— Странно все это, ты не находишь? С ним ведь такого раньше не было? Я имею в виду этого снайпера.
— Ты прав. Но, сам видишь, что бывает с людьми. Ни на кого нельзя положиться. Что предложишь дружище? — спросил полковник.
— Зона окружена?
— Да. Немцы в тесном кольце, никто не выйдет. Но, и мы пока не можем проникнуть туда, и узнать, что же все-таки там происходит, — сказал Дехтерев.
— Это ненадолго. Предлагаю дождаться рассвета, когда все осветится, и понаблюдать за обстановкой в бинокль, а затем уже будем думать, как обратно вернуть штаб.
— Хорошо, я согласен. У меня-то и выбора нет. Полегло моих ребят уже несколько десятков, не считая штабных офицеров, что на дежурстве были. Не бомбить же собственный штаб. Я рад, что ты вновь со мной, Тарасов.
Тарасов взял бинокль, и вместе с полковником и двумя солдатами заняли удобную позицию в одном из окопов — для наблюдения за недавно принадлежащим им штабом. Первые лучи солнца осветили туманный горизонт.
— Не понимаю, — сказал Тарасов.
— Что? — спросил полковник Дехтерев.
— Я не вижу немцев. Судя по тому, сколько они отбили атак, их должно быть не менее 30 человек, но…
— Что? Говори Тарасов. Есть идеи?
— Да. С юга надвигается небольшой туман, он уже покрыл часть строений штаба. Думаю, что через каких ни будь 30–40 минут туман увеличится, и мы сможем сделать вылазку к неприятелю.
— Это хорошо, — произнес Дехтерев.
Так и произошло. Через 50 минут, когда клубни тумана частично закрыли здания, майор вместе с полковником и еще шестью солдатами, под прикрытием белой полосы тумана, добрались до зданий штаба, а затем проникли через окно внутрь.
На полу лежало несколько трупов советских солдат.

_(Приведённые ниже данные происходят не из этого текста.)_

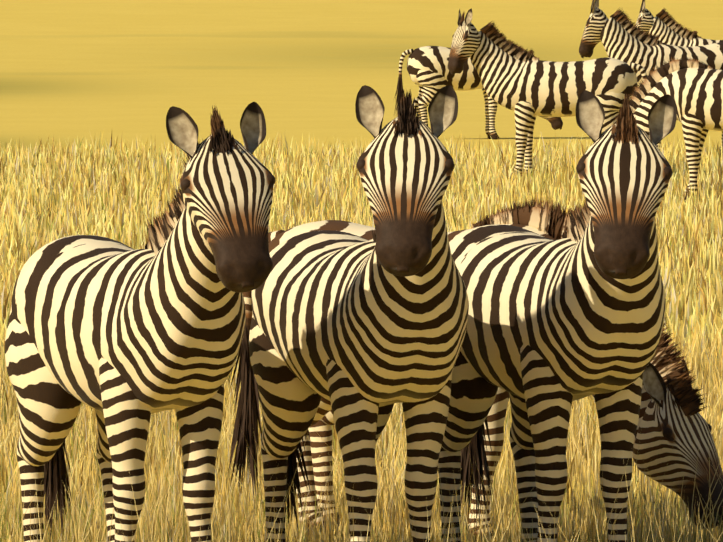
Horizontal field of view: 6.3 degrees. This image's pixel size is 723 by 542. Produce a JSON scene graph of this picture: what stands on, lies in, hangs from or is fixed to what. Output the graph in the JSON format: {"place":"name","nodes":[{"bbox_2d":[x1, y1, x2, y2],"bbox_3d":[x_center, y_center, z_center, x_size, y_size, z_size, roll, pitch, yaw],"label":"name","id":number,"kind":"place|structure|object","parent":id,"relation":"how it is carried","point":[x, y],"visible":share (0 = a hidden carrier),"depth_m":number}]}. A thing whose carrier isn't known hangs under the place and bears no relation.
{"place":"outdoors","nodes":[
{"label":"outdoors","id":0,"kind":"place"},
{"bbox_2d":[0,0,722,541],"bbox_3d":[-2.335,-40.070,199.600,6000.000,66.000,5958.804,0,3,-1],"label":"ground","id":1,"kind":"structure","parent":0,"point":[124,72],"depth_m":135.61},
{"bbox_2d":[5,102,274,541],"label":"zebra","id":2,"kind":"object","parent":1,"relation":"on","point":[124,341],"visible":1,"depth_m":21.68},
{"bbox_2d":[249,85,468,541],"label":"zebra","id":3,"kind":"object","parent":1,"relation":"on","point":[361,335],"visible":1,"depth_m":21.88},
{"bbox_2d":[0,359,722,541],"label":"grass stalks","id":4,"kind":"object","parent":1,"relation":"on","point":[300,538],"depth_m":23.50},
{"bbox_2d":[228,197,722,541],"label":"zebra","id":5,"kind":"object","parent":1,"relation":"on","point":[671,403],"visible":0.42,"depth_m":23.99},
{"bbox_2d":[394,39,562,139],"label":"zebra","id":6,"kind":"object","parent":1,"relation":"on","point":[430,74],"visible":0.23,"depth_m":81.62},
{"bbox_2d":[447,8,646,178],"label":"zebra","id":7,"kind":"object","parent":1,"relation":"on","point":[526,86],"visible":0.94,"depth_m":65.72},
{"bbox_2d":[438,90,676,541],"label":"zebra","id":8,"kind":"object","parent":1,"relation":"on","point":[555,328],"visible":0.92,"depth_m":22.27},
{"bbox_2d":[579,0,722,156],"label":"zebra","id":9,"kind":"object","parent":1,"relation":"on","point":[618,34],"visible":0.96,"depth_m":73.53},
{"bbox_2d":[612,56,722,201],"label":"zebra","id":10,"kind":"object","parent":1,"relation":"on","point":[692,87],"visible":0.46,"depth_m":59.89},
{"bbox_2d":[635,0,722,46],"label":"zebra","id":11,"kind":"object","parent":1,"relation":"on","point":[665,27],"visible":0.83,"depth_m":85.69},
{"bbox_2d":[0,130,722,354],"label":"grass","id":12,"kind":"structure","parent":0,"point":[22,220],"depth_m":58.23},
{"bbox_2d":[0,318,722,519],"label":"grass","id":13,"kind":"structure","parent":0,"point":[696,360],"depth_m":27.92},
{"bbox_2d":[0,453,722,541],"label":"grass","id":14,"kind":"structure","parent":0,"point":[639,524],"depth_m":24.01}
]}

Немцев не было видно. Команда во главе с Тарасовым двигалась медленно, осматривая каждый угол помещений. Впереди, почти бесшумно шел Тарасов. В следующем помещении они обнаружили двух бездыханно лежащих на полу немецких солдат. Пройдя еще несколько комнат, они увидели аналогичную картину — трупы немецких солдат в камуфляжной форме.
— Без единого выстрела, — удивился Тарасов.
— Так это же здорово. Штаб наш, — сказал улыбаясь, полковник.
— Это странно, ты не находишь?
— Что странного? Мы ведь захватили наш штаб, — полковник снял каску. — Признаюсь, я рассчитывал на серьезное сопротивление фрицев. А тут лишь только трупы. Сами подохли.
— Тебе полковник, не кажется это странным? — сказал майор Тарасов. — Что или кто их убил? Их тела не пострадали от пуль, но они и не дышат.
— Мне все равно как, главное, что они мертвы, а штаб вернулся в наши руки. Готовь дырочку на мундире. За это тебе еще медаль дадут, — сказал полковник. — А на счет фрицев, пусть наши медики изучают, от чего эти фрицы умерли. Хоть отравились от яда, когда нас увидели. Хотя, конечно, язык бы нам не помешал. У них ведь рация была. Вот она, разбитая. — Он пнул ее ногой. — Наверняка своим сообщили о выполнении задания. Сволочи.
На рассвете в штаб прибыло несколько генералов. После осмотра штаба, было решено отправить несколько трупов немецких солдат в лабораторию научного института — для выявления причины их внезапной смерти. Через сутки профессор НИИ (научно исследовательский институт) вызвал к себе в кабинет Тарасова.
— Это вам поручено, отчет подготовить о смерти немцев? — спросил профессор.
— Да, это дело поручили мне, — ответил майор Тарасов.
— Мы провели ряд опытов и сделали вскрытие трупов. Я готов с вами поделиться результатами.
— Я вас внимательно слушаю.
— Первое, на что мы обратили свое внимание, так это лица трупов немецких солдат. Они были все с ужасающими выражениями лица, мимические мышцы свело сильной судорогой, как будто перед смертью они испытали какой-то ужас или боль. Их зрачки сильно расширены. По началу, мы подумали, что это действие какого-то парализующего и быстродействующего газа, но после ряда исследований их лёгких, а так же анализа крови, мы не обнаружили ни газа, ни каких-либо отравляющих средств. Ядов то же не было.
— От чего же тогда они умерли? — спросил Тарасов.
— Они умерли от внезапной остановки сердца. Удалось установить, что в их крови находилось много норадреналина. Его концентрация в крови превышала норму в 200 раз.
— То есть, профессор, они умерли от перевозбуждения? — спросил Тарасов.